By a $k$-variety, we will mean a separated scheme of finte type over a field $k$. Let $k$ be of characteristic 0. Given a smooth quasi-projective $k$-variety $X$, there is a projective $k$-variety $\bar{X}$ containing $X$. Since char$(k)=0$, we can take a resolution of singularities $\pi:\widetilde{X}\to\bar{X}$ where $\widetilde{X}$ is a smooth projective $k$-variety. $\pi$ will be an isomorphism on the smooth locus of $\bar{X}$ which contains $X$, so that $j=\pi^{-1}|_X:X\to\widetilde{X}$ is an open immersion.

Given two smooth compactifications $j_1:X\to\widetilde{X_1}$ and $j_2:X\to\widetilde{X_2}$, can one assume (after suitable modifications) that there is a smooth morphism $g:\widetilde{X_2}\to\widetilde{X_1}$ such that $g\circ j_2=j_1$?

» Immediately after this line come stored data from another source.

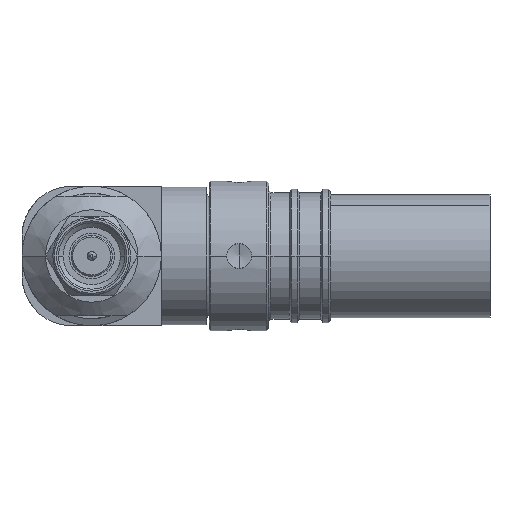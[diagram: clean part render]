
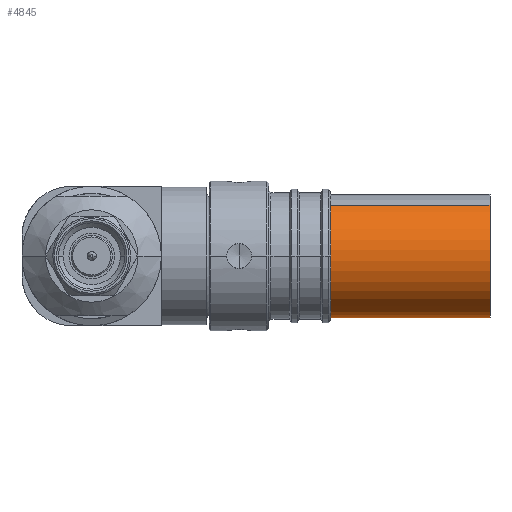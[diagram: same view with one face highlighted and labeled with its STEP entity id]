
A CAD part, front view. The second image highlights one B-rep face of the part: STEP entity #4845.
In plain terms, the highlighted cylindrical face has radius 6.2 mm (diameter 12.4 mm), a partial arc.
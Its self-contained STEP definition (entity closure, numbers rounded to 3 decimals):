
#345 = CARTESIAN_POINT ( 'NONE',  ( 22.6, 3.512, -5.109 ) ) ;
#407 = FACE_OUTER_BOUND ( 'NONE', #4461, .T. ) ;
#436 = VERTEX_POINT ( 'NONE', #3068 ) ;
#1031 = VERTEX_POINT ( 'NONE', #3897 ) ;
#1094 = ORIENTED_EDGE ( 'NONE', *, *, #4117, .T. ) ;
#1224 = CARTESIAN_POINT ( 'NONE',  ( 21.168, -3.512, 5.109 ) ) ;
#1377 = VERTEX_POINT ( 'NONE', #345 ) ;
#1689 = DIRECTION ( 'NONE',  ( -1., 0., 0. ) ) ;
#1692 = CIRCLE ( 'NONE', #5204, 6.2 ) ;
#1789 = CARTESIAN_POINT ( 'NONE',  ( 22.6, 0., 0. ) ) ;
#1841 = DIRECTION ( 'NONE',  ( 0., 0.566, -0.824 ) ) ;
#1842 = ORIENTED_EDGE ( 'NONE', *, *, #2729, .F. ) ;
#1851 = DIRECTION ( 'NONE',  ( -1., 0., 0. ) ) ;
#1938 = CARTESIAN_POINT ( 'NONE',  ( 21.168, 3.512, -5.109 ) ) ;
#2420 = LINE ( 'NONE', #1224, #2814 ) ;
#2446 = CYLINDRICAL_SURFACE ( 'NONE', #5285, 6.2 ) ;
#2479 = CARTESIAN_POINT ( 'NONE',  ( 21.168, 0., 0. ) ) ;
#2540 = DIRECTION ( 'NONE',  ( -1., 0., 0. ) ) ;
#2602 = DIRECTION ( 'NONE',  ( 0., 0.566, -0.824 ) ) ;
#2726 = ORIENTED_EDGE ( 'NONE', *, *, #3505, .F. ) ;
#2729 = EDGE_CURVE ( 'NONE', #436, #1377, #4322, .T. ) ;
#2814 = VECTOR ( 'NONE', #1689, 1000. ) ;
#3068 = CARTESIAN_POINT ( 'NONE',  ( 38.6, 3.512, -5.109 ) ) ;
#3243 = EDGE_CURVE ( 'NONE', #5101, #1031, #2420, .T. ) ;
#3307 = CARTESIAN_POINT ( 'NONE',  ( 38.6, 0., 0. ) ) ;
#3365 = CIRCLE ( 'NONE', #5140, 6.2 ) ;
#3423 = DIRECTION ( 'NONE',  ( -1., 0., 0. ) ) ;
#3428 = DIRECTION ( 'NONE',  ( 0., 0.566, -0.824 ) ) ;
#3505 = EDGE_CURVE ( 'NONE', #1377, #1031, #1692, .T. ) ;
#3726 = VECTOR ( 'NONE', #3727, 1000. ) ;
#3727 = DIRECTION ( 'NONE',  ( -1., 0., 0. ) ) ;
#3897 = CARTESIAN_POINT ( 'NONE',  ( 22.6, -3.512, 5.109 ) ) ;
#3922 = ORIENTED_EDGE ( 'NONE', *, *, #3243, .T. ) ;
#4117 = EDGE_CURVE ( 'NONE', #436, #5101, #3365, .T. ) ;
#4322 = LINE ( 'NONE', #1938, #3726 ) ;
#4461 = EDGE_LOOP ( 'NONE', ( #1094, #3922, #2726, #1842 ) ) ;
#4845 = ADVANCED_FACE ( 'NONE', ( #407 ), #2446, .T. ) ;
#5035 = CARTESIAN_POINT ( 'NONE',  ( 38.6, -3.512, 5.109 ) ) ;
#5101 = VERTEX_POINT ( 'NONE', #5035 ) ;
#5140 = AXIS2_PLACEMENT_3D ( 'NONE', #3307, #3423, #3428 ) ;
#5204 = AXIS2_PLACEMENT_3D ( 'NONE', #1789, #1851, #1841 ) ;
#5285 = AXIS2_PLACEMENT_3D ( 'NONE', #2479, #2540, #2602 ) ;
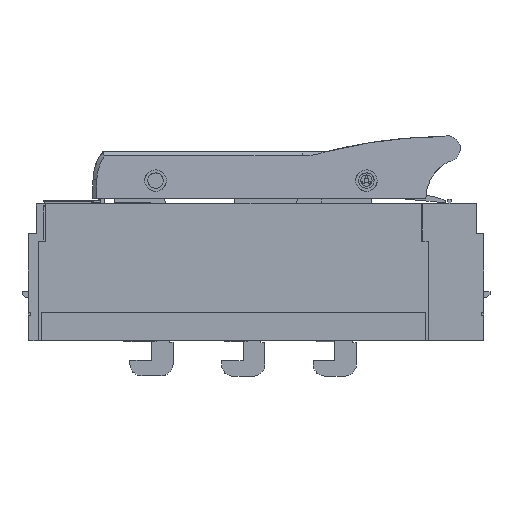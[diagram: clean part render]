
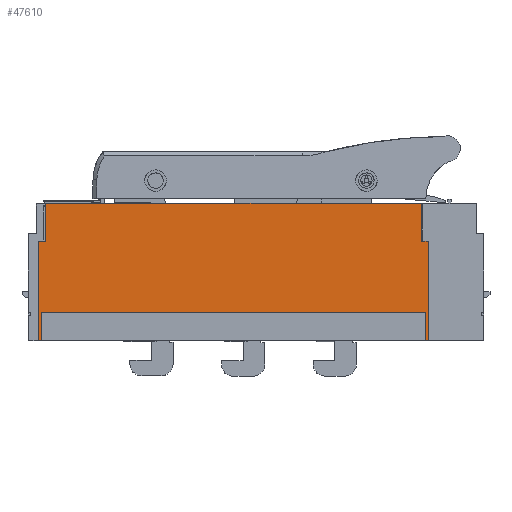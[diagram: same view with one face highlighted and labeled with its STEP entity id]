
A CAD part, front view. The second image highlights one B-rep face of the part: STEP entity #47610.
In plain terms, the highlighted face is planar.
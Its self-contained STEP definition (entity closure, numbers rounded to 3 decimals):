
#47547=AXIS2_PLACEMENT_3D('Plane Axis2P3D',#47544,#47545,#47546) ;
#43084=CARTESIAN_POINT('Vertex',(-125.5,104.75,18.5)) ;
#43087=CARTESIAN_POINT('Line Origine',(0.,104.75,18.5)) ;
#43091=CARTESIAN_POINT('Vertex',(125.5,104.75,18.5)) ;
#44344=CARTESIAN_POINT('Vertex',(-125.5,104.75,0.)) ;
#44347=CARTESIAN_POINT('Line Origine',(-125.5,104.75,9.25)) ;
#44431=CARTESIAN_POINT('Line Origine',(125.5,104.75,9.25)) ;
#44435=CARTESIAN_POINT('Vertex',(125.5,104.75,0.)) ;
#47043=CARTESIAN_POINT('Vertex',(-127.5,104.75,0.)) ;
#47046=CARTESIAN_POINT('Line Origine',(-126.5,104.75,0.)) ;
#47051=CARTESIAN_POINT('Line Origine',(126.5,104.75,0.)) ;
#47055=CARTESIAN_POINT('Vertex',(127.5,104.75,0.)) ;
#47544=CARTESIAN_POINT('Axis2P3D Location',(0.,104.75,0.)) ;
#47549=CARTESIAN_POINT('Line Origine',(123.,104.75,77.5)) ;
#47553=CARTESIAN_POINT('Vertex',(123.,104.75,65.)) ;
#47555=CARTESIAN_POINT('Vertex',(123.,104.75,90.)) ;
#47558=CARTESIAN_POINT('Line Origine',(125.25,104.75,65.)) ;
#47562=CARTESIAN_POINT('Vertex',(127.5,104.75,65.)) ;
#47565=CARTESIAN_POINT('Line Origine',(127.5,104.75,32.5)) ;
#47570=CARTESIAN_POINT('Line Origine',(-127.5,104.75,32.5)) ;
#47574=CARTESIAN_POINT('Vertex',(-127.5,104.75,65.)) ;
#47577=CARTESIAN_POINT('Line Origine',(-125.25,104.75,65.)) ;
#47581=CARTESIAN_POINT('Vertex',(-123.,104.75,65.)) ;
#47584=CARTESIAN_POINT('Line Origine',(-123.,104.75,77.5)) ;
#47588=CARTESIAN_POINT('Vertex',(-123.,104.75,90.)) ;
#47591=CARTESIAN_POINT('Line Origine',(0.,104.75,90.)) ;
#43088=DIRECTION('Vector Direction',(1.,0.,0.)) ;
#44348=DIRECTION('Vector Direction',(0.,0.,1.)) ;
#44432=DIRECTION('Vector Direction',(0.,0.,1.)) ;
#47047=DIRECTION('Vector Direction',(1.,0.,0.)) ;
#47052=DIRECTION('Vector Direction',(1.,0.,0.)) ;
#47545=DIRECTION('Axis2P3D Direction',(0.,1.,0.)) ;
#47546=DIRECTION('Axis2P3D XDirection',(0.,0.,1.)) ;
#47550=DIRECTION('Vector Direction',(0.,0.,1.)) ;
#47559=DIRECTION('Vector Direction',(1.,0.,0.)) ;
#47566=DIRECTION('Vector Direction',(0.,0.,-1.)) ;
#47571=DIRECTION('Vector Direction',(0.,0.,-1.)) ;
#47578=DIRECTION('Vector Direction',(-1.,0.,0.)) ;
#47585=DIRECTION('Vector Direction',(0.,0.,1.)) ;
#47592=DIRECTION('Vector Direction',(-1.,0.,0.)) ;
#43089=VECTOR('Line Direction',#43088,1.) ;
#44349=VECTOR('Line Direction',#44348,1.) ;
#44433=VECTOR('Line Direction',#44432,1.) ;
#47048=VECTOR('Line Direction',#47047,1.) ;
#47053=VECTOR('Line Direction',#47052,1.) ;
#47551=VECTOR('Line Direction',#47550,1.) ;
#47560=VECTOR('Line Direction',#47559,1.) ;
#47567=VECTOR('Line Direction',#47566,1.) ;
#47572=VECTOR('Line Direction',#47571,1.) ;
#47579=VECTOR('Line Direction',#47578,1.) ;
#47586=VECTOR('Line Direction',#47585,1.) ;
#47593=VECTOR('Line Direction',#47592,1.) ;
#47597=ORIENTED_EDGE('',*,*,#47557,.F.) ;
#47598=ORIENTED_EDGE('',*,*,#47564,.T.) ;
#47599=ORIENTED_EDGE('',*,*,#47569,.T.) ;
#47600=ORIENTED_EDGE('',*,*,#47057,.T.) ;
#47601=ORIENTED_EDGE('',*,*,#44437,.T.) ;
#47602=ORIENTED_EDGE('',*,*,#43093,.F.) ;
#47603=ORIENTED_EDGE('',*,*,#44351,.F.) ;
#47604=ORIENTED_EDGE('',*,*,#47050,.F.) ;
#47605=ORIENTED_EDGE('',*,*,#47576,.F.) ;
#47606=ORIENTED_EDGE('',*,*,#47583,.F.) ;
#47607=ORIENTED_EDGE('',*,*,#47590,.T.) ;
#47608=ORIENTED_EDGE('',*,*,#47595,.F.) ;
#47610=ADVANCED_FACE('Hauptkoerper nicht benutzen',(#47609),#47548,.T.) ;
#43093=EDGE_CURVE('',#43085,#43092,#43090,.T.) ;
#44351=EDGE_CURVE('',#44345,#43085,#44350,.T.) ;
#44437=EDGE_CURVE('',#44436,#43092,#44434,.T.) ;
#47050=EDGE_CURVE('',#47044,#44345,#47049,.T.) ;
#47057=EDGE_CURVE('',#47056,#44436,#47054,.F.) ;
#47557=EDGE_CURVE('',#47554,#47556,#47552,.T.) ;
#47564=EDGE_CURVE('',#47554,#47563,#47561,.T.) ;
#47569=EDGE_CURVE('',#47563,#47056,#47568,.T.) ;
#47576=EDGE_CURVE('',#47575,#47044,#47573,.T.) ;
#47583=EDGE_CURVE('',#47582,#47575,#47580,.T.) ;
#47590=EDGE_CURVE('',#47582,#47589,#47587,.T.) ;
#47595=EDGE_CURVE('',#47556,#47589,#47594,.T.) ;
#47596=EDGE_LOOP('',(#47597,#47598,#47599,#47600,#47601,#47602,#47603,#47604,#47605,#47606,#47607,#47608)) ;
#47609=FACE_OUTER_BOUND('',#47596,.T.) ;
#43090=LINE('Line',#43087,#43089) ;
#44350=LINE('Line',#44347,#44349) ;
#44434=LINE('Line',#44431,#44433) ;
#47049=LINE('Line',#47046,#47048) ;
#47054=LINE('Line',#47051,#47053) ;
#47552=LINE('Line',#47549,#47551) ;
#47561=LINE('Line',#47558,#47560) ;
#47568=LINE('Line',#47565,#47567) ;
#47573=LINE('Line',#47570,#47572) ;
#47580=LINE('Line',#47577,#47579) ;
#47587=LINE('Line',#47584,#47586) ;
#47594=LINE('Line',#47591,#47593) ;
#47548=PLANE('Plane',#47547) ;
#43085=VERTEX_POINT('',#43084) ;
#43092=VERTEX_POINT('',#43091) ;
#44345=VERTEX_POINT('',#44344) ;
#44436=VERTEX_POINT('',#44435) ;
#47044=VERTEX_POINT('',#47043) ;
#47056=VERTEX_POINT('',#47055) ;
#47554=VERTEX_POINT('',#47553) ;
#47556=VERTEX_POINT('',#47555) ;
#47563=VERTEX_POINT('',#47562) ;
#47575=VERTEX_POINT('',#47574) ;
#47582=VERTEX_POINT('',#47581) ;
#47589=VERTEX_POINT('',#47588) ;

It is a standard fact that given two smooth compactifications $j_1,j_2$ coming from resolutions of singularities $\pi_i:\widetilde{X_i}\to\bar{X}$, $i=1,2$, we can consider the resolution of singularities $\widetilde{X_3}$ of the Zariski closure of the image of $(j_1,j_2):X\to\widetilde{X_1}\times\widetilde{X_2}$ to obtain projective birational morphisms $g_i:\widetilde{X_3}\to\widetilde{X_i}$, $i=1,2$, such that $\pi_1\circ g_1=\pi_2\circ g_2$. This implies $g_i\circ j_i=j_3$, $i=1,2$. Thus, we may assume that there is a morphism $g:\widetilde{X_2}\to\widetilde{X_1}$ such that $g\circ j_2=j_1$. However, I don't see how $g$ can be smooth. Since $g$ is projective and birational and $\widetilde{X_i}$ is smooth projective, maybe the Zariski Main Theorem implies that $g$ is an open immersion, hence smooth?

This question is related to Bondarko's comment in the question Non-uniqueness of smooth compactification.